Hay días en que me acuerdo de Bárbara Valdés como si la tuviera delante. Pasamos media vida estudiando en la misma aula. Ella con sus faldas cortas y sus dificultades en matemática y yo mirándola de reojo y “soplándole” en la primera oportunidad, el resultado de las ecuaciones en los exámenes. Cuando marché al servicio militar obligatorio ella no me despidió, ni me llevó flores; una mulata de esa calidad tiene demasiados pretendientes como para reparar en un “siete pesos” que se va a la guerra de Angola donde todo puede pasar, hasta dejarla viuda antes de tiempo.
La perdí de vista varios años, no sólo porque estaba del otro lado del Atlántico sino porque después en la Universidad las ecuaciones, integrales y derivadas no me daban tiempo para pensar en una mulata como ella.
Creo recordar la punzada que me dio en el corazón cuando una vez la vi del brazo de un Pepe, esa fue la última vez que la vi en la isla. Yo hice mi vida, sepultando las esperanzas de alcanzarla un día y apretarla entre mis brazos, pero continuó siendo en algún oculto de mi ser Babi (no Baby como dicen los americanos sino Babi, como les llamamos en Cuba).

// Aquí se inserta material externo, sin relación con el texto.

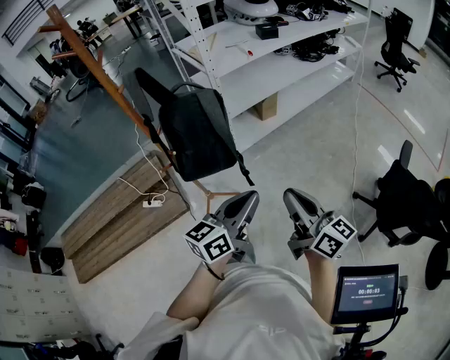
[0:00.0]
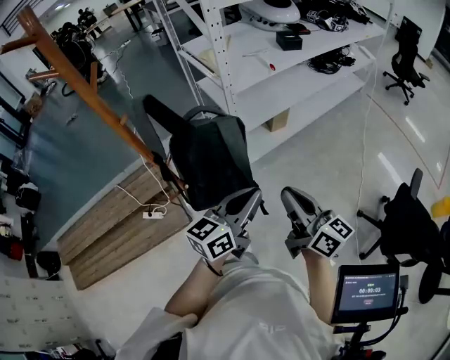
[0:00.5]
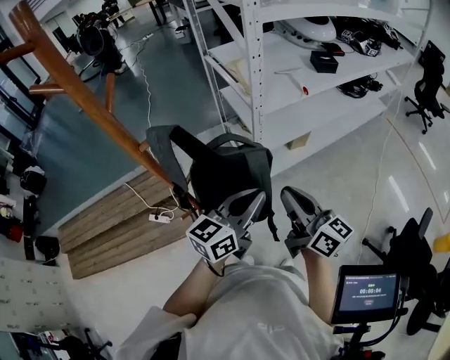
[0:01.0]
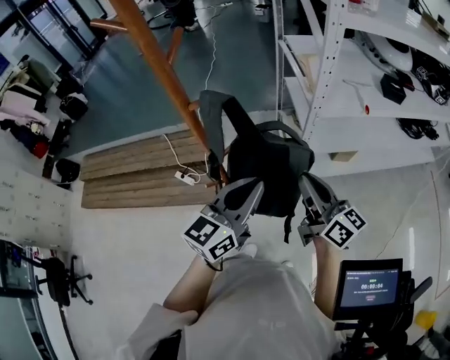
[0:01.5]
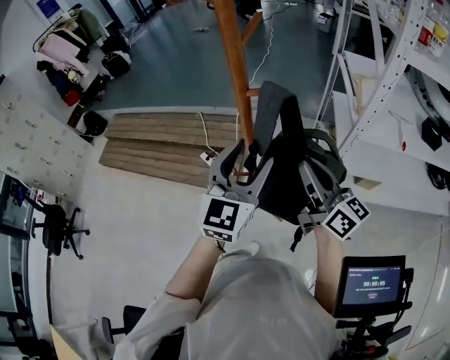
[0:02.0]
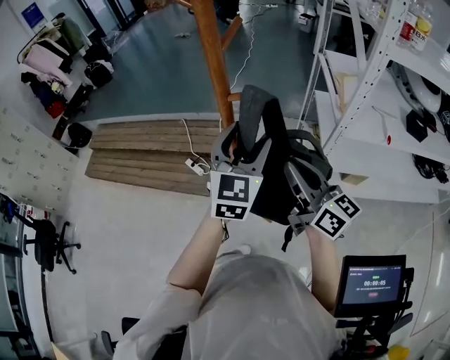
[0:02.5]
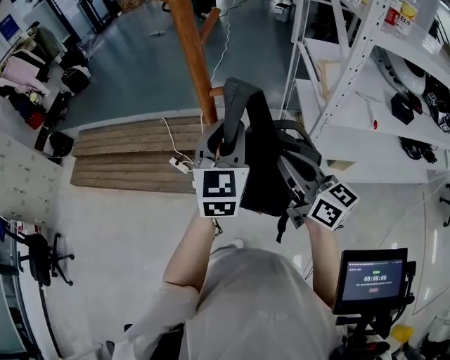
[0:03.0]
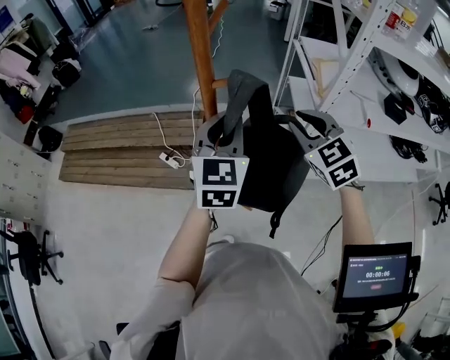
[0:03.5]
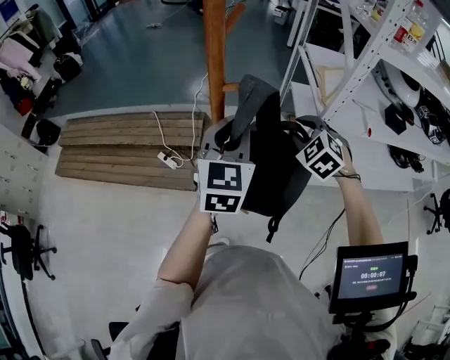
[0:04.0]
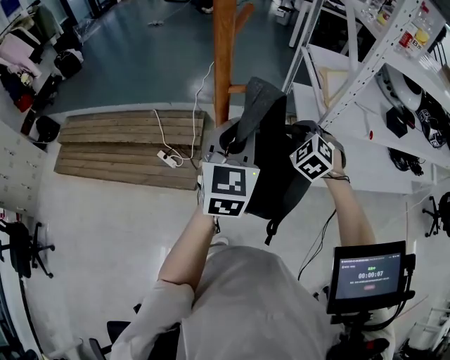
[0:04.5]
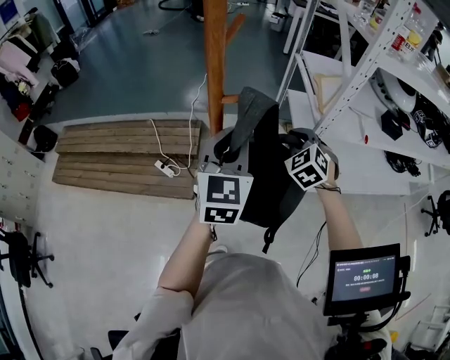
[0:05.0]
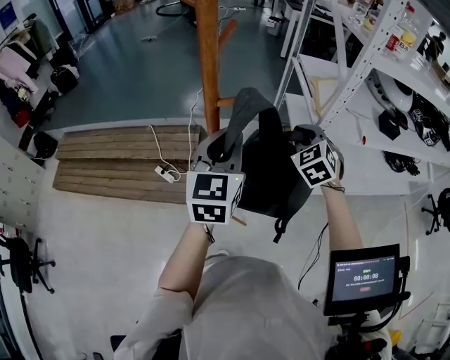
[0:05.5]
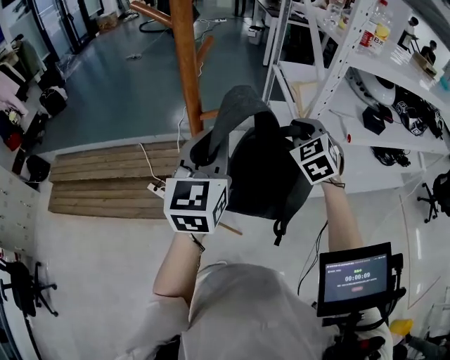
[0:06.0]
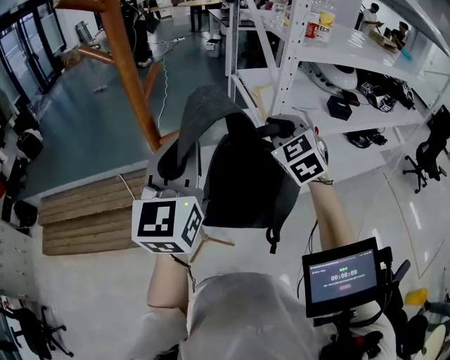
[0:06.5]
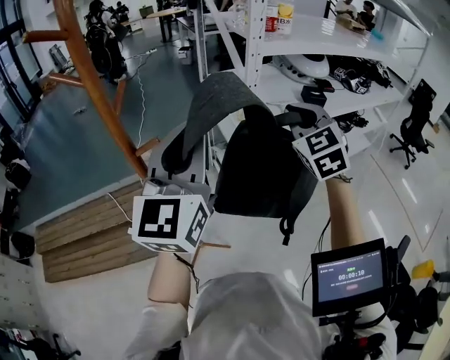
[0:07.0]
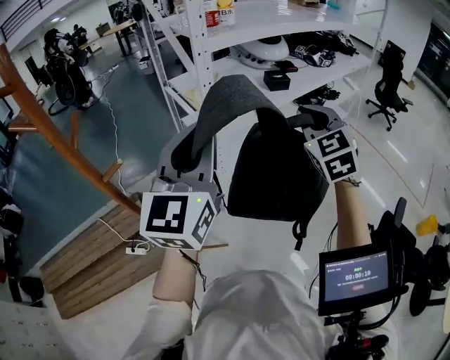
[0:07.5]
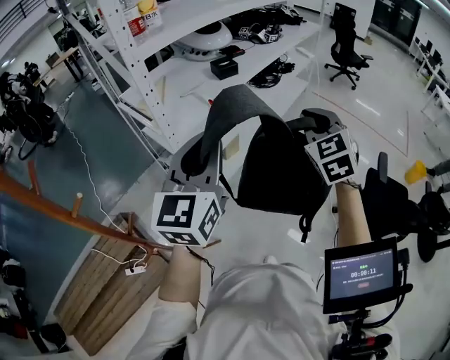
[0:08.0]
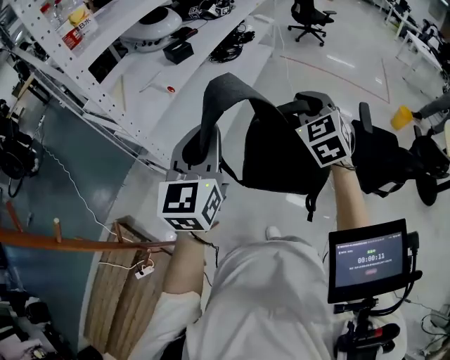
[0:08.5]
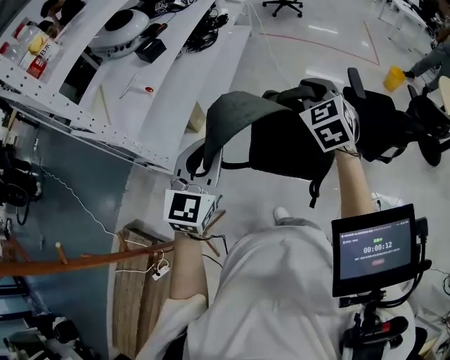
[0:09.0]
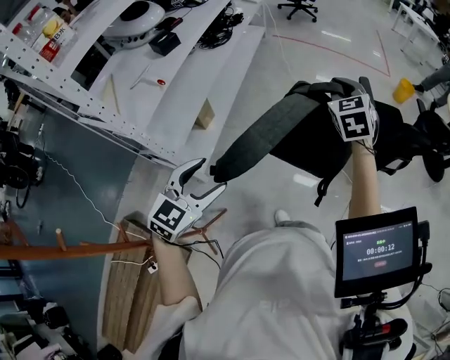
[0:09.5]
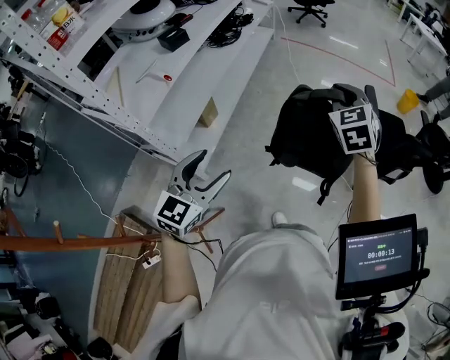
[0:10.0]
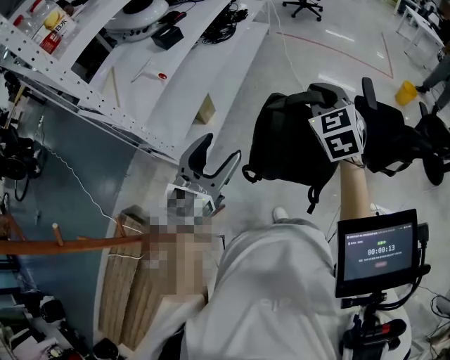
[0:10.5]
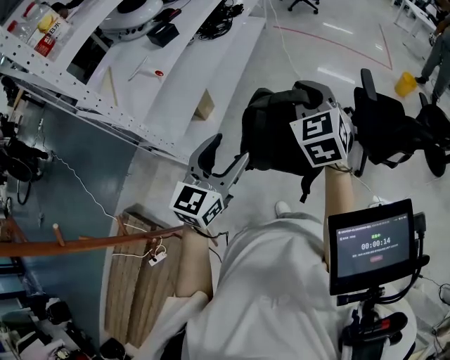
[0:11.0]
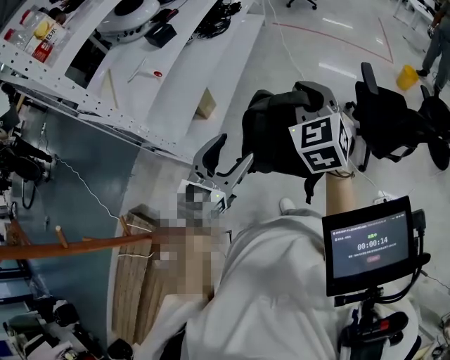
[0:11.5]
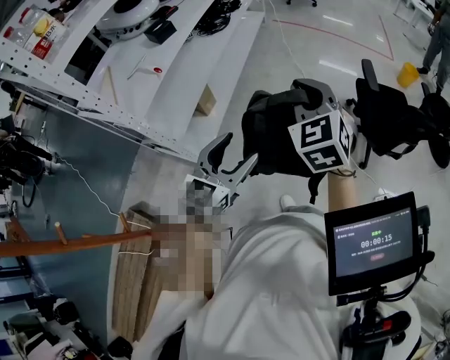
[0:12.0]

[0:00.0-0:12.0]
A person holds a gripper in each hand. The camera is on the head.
0:00.0 to 0:02.0: Both grippers are carried approximately 40 cm. The right gripper rotates roughly 40 degrees. The left gripper rotates about 70 degrees, and opens up.
0:02.0 to 0:04.0: The right gripper travels forward, downward and to the right by about 15 cm, tilts its fingers approximately 50 degrees downward, and opens up; the left gripper heads forward, covering some 5 cm, and closes its fingers.
0:04.0 to 0:06.0: Both grippers travel together upward, approximately 10 cm. The right gripper swivels about 20 degrees, and closes up.
0:06.0 to 0:08.0: The left gripper goes upward and returns, some 10 cm each way, and rotates approximately 50 degrees. Meanwhile the right gripper changes place by about 40 cm, and changes its angle by roughly 50 degrees.
0:08.0 to 0:10.0: The left gripper travels downward by approximately 20 cm, changes its angle by some 40 degrees, and opens up. The right gripper moves some 20 cm, and turns by roughly 30 degrees.
0:10.0 to 0:12.0: The left gripper moves to the right, approximately 5 cm; the right gripper is displaced backward and to the left by roughly 10 cm.

De esto hace ya dos décadas… pero como dice la canción “Veinte años no es nada” y el mundo es un pañuelo. Hoy, cuando salí a darle una vuelta a los chamacos me detuve ante un escaparate de teléfonos móviles y vi pasar su silueta reflejada en el cristal con la misma elegancia y la frescura de aquel tiempo. ¿Quién podría ser si no con esa figura? ¡Hay que ver lo que hacen los recuerdos y la distancia! Al principio ella reaccionó asustada a mi llamado, pero luego, cuando mi imagen encontró mi imagen en sus recuerdos lanzó el grito de ¡Negro! y me saltó al cuello… y yo que había sepultado para siempre las ganas de abrazarla disfruté de ese abrazo como si fuera la primera vez que la soñara.